UTF-8 is the correct encoding for nearly every web and API context. The problem is not usually the encoding you choose, it is the encoding assumed by one layer of your stack that you forgot to check.

A database configured with latin1 collation, a legacy CSV export that assumes ASCII, a file processing pipeline with no explicit encoding declaration, a third-party API that returns headers without a charset. Any one of these can corrupt multilingual text in transit.

The classic symptom is called mojibake (文字化け), a Japanese term for garbled text: é appearing where é should be. This is UTF-8 bytes being interpreted as Latin-1. The fix is always to find the layer making the wrong assumption and enforce UTF-8 consistently.

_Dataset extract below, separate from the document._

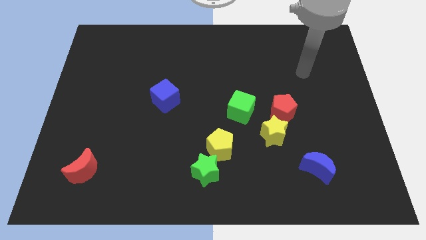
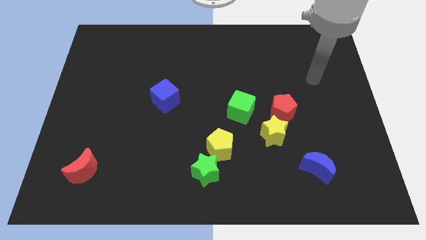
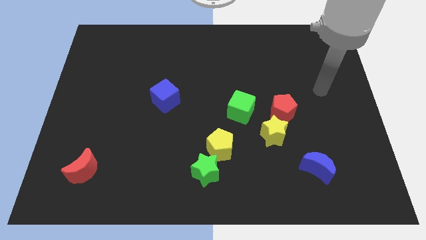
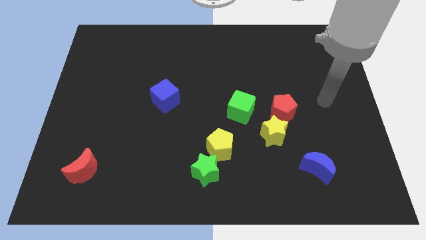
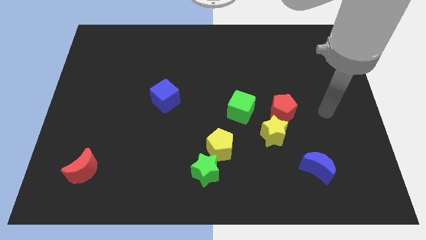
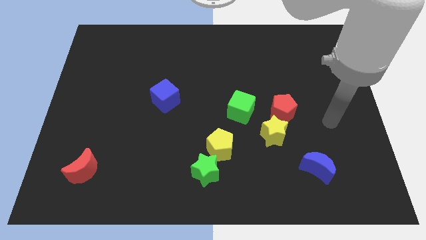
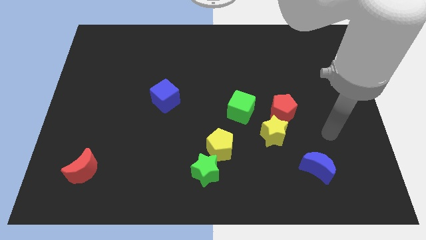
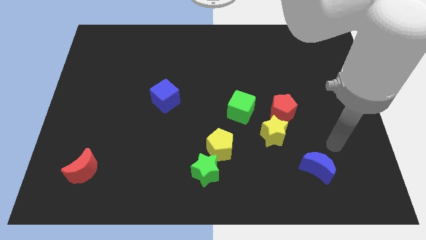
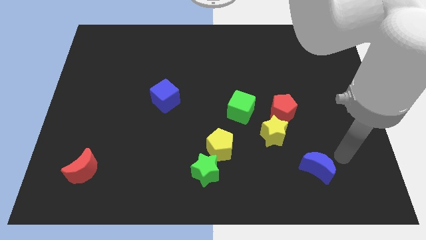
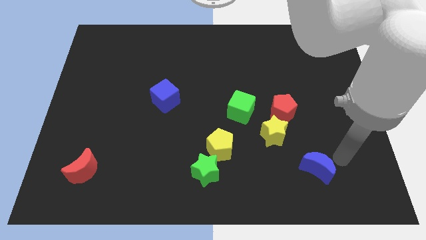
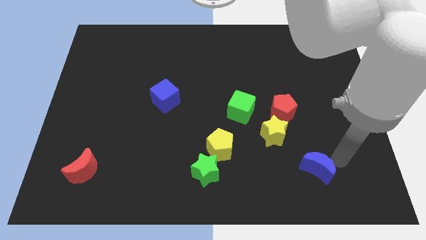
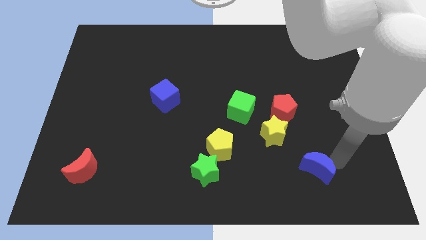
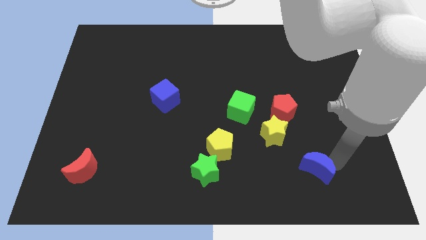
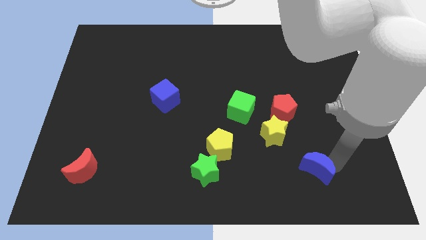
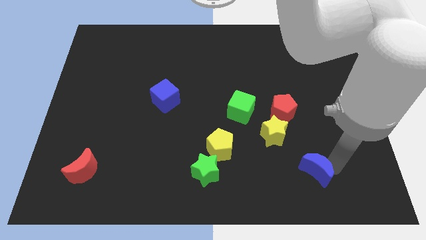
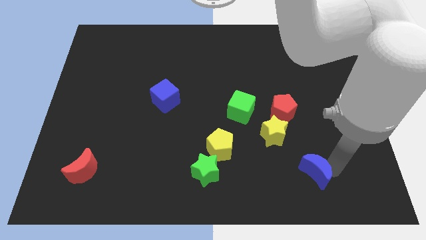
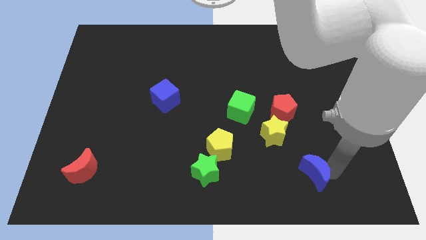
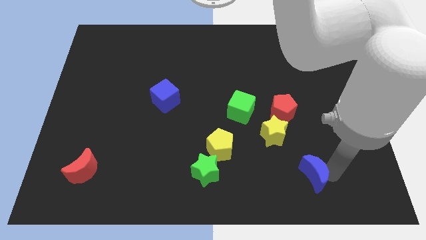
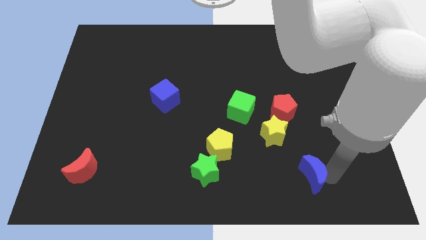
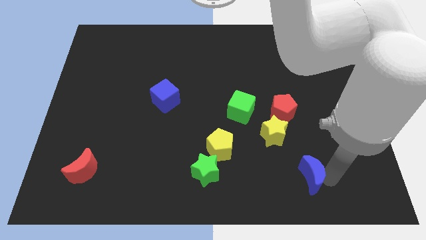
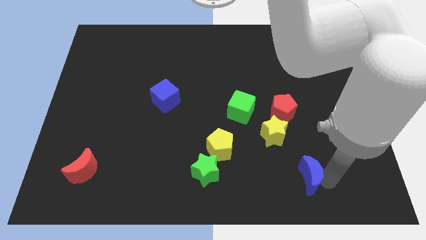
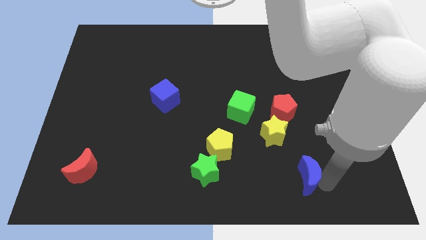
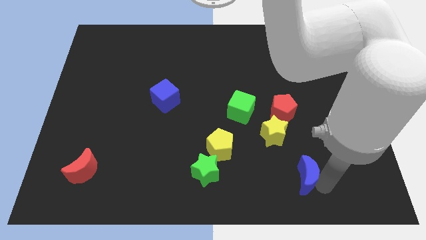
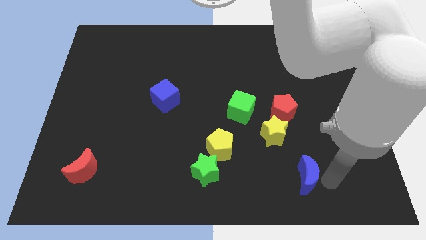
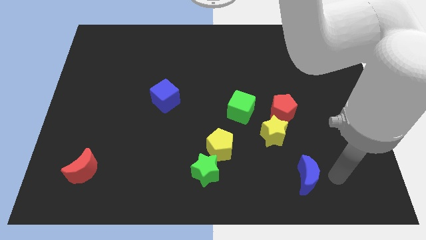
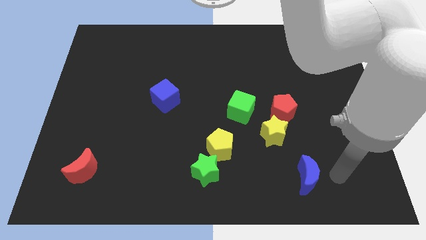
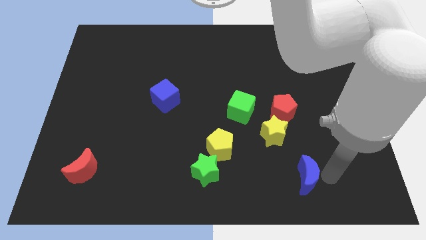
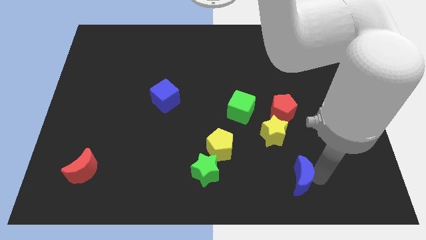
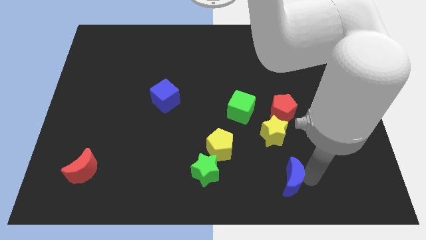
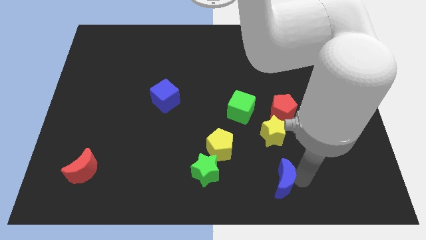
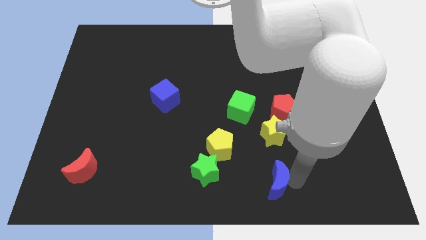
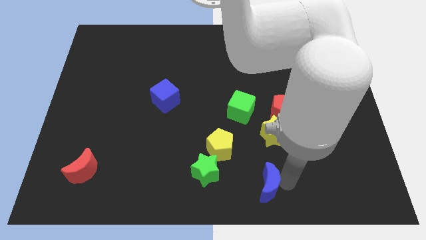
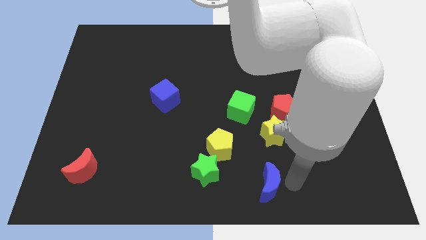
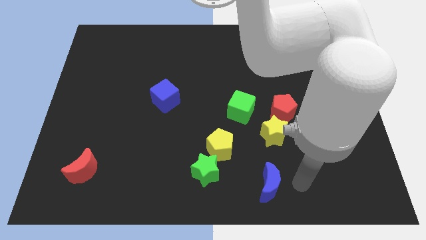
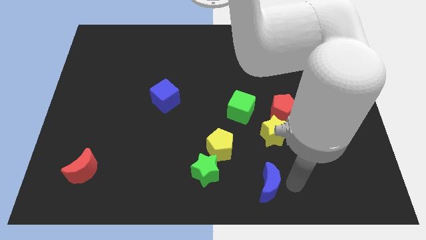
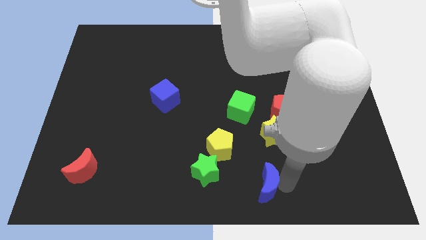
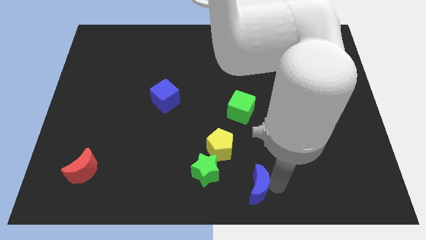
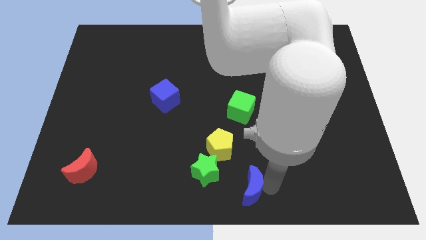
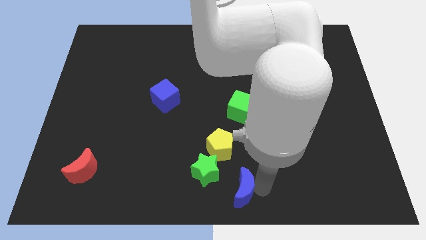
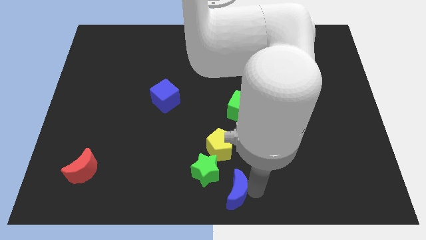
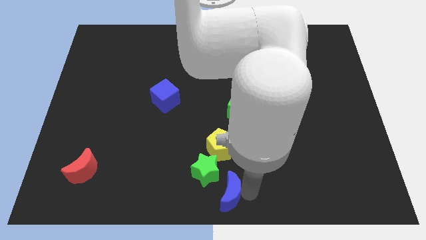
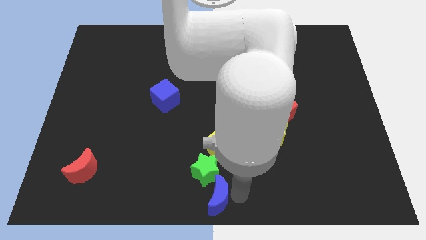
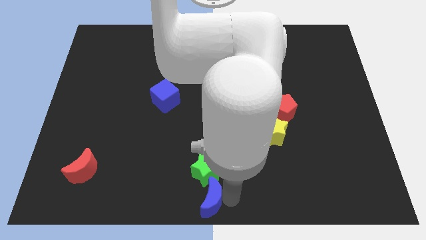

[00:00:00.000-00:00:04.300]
push the blue moon to the left

The practical rule: verify encoding at every boundary. Database connection string, file I/O, HTTP headers, and API request/response handling all need to declare UTF-8 explicitly. Silent defaults are where bugs hide.

Invisible characters that break search, comparison, and rendering

Unicode contains a number of characters that are zero-width or otherwise invisible in text editors and translation tools. They are easy to introduce accidentally (particularly via copy-paste from documents or web pages) and extremely difficult to spot.

Zero-width space (U+200B)

A zero-width space is invisible but breaks string matching. If a translator copies a string from a Word document and it contains a U+200B, your === comparison will fail silently. Search will miss the string. Deduplication logic will treat it as a different key.

const a = "Settings";
const b = "Settings\u200B"; // Looks identical in most editors

a === b; // false
a.length; // 8
b.length; // 9

This character appears frequently in translated content because many word processors and rich text editors insert it for line-break hints.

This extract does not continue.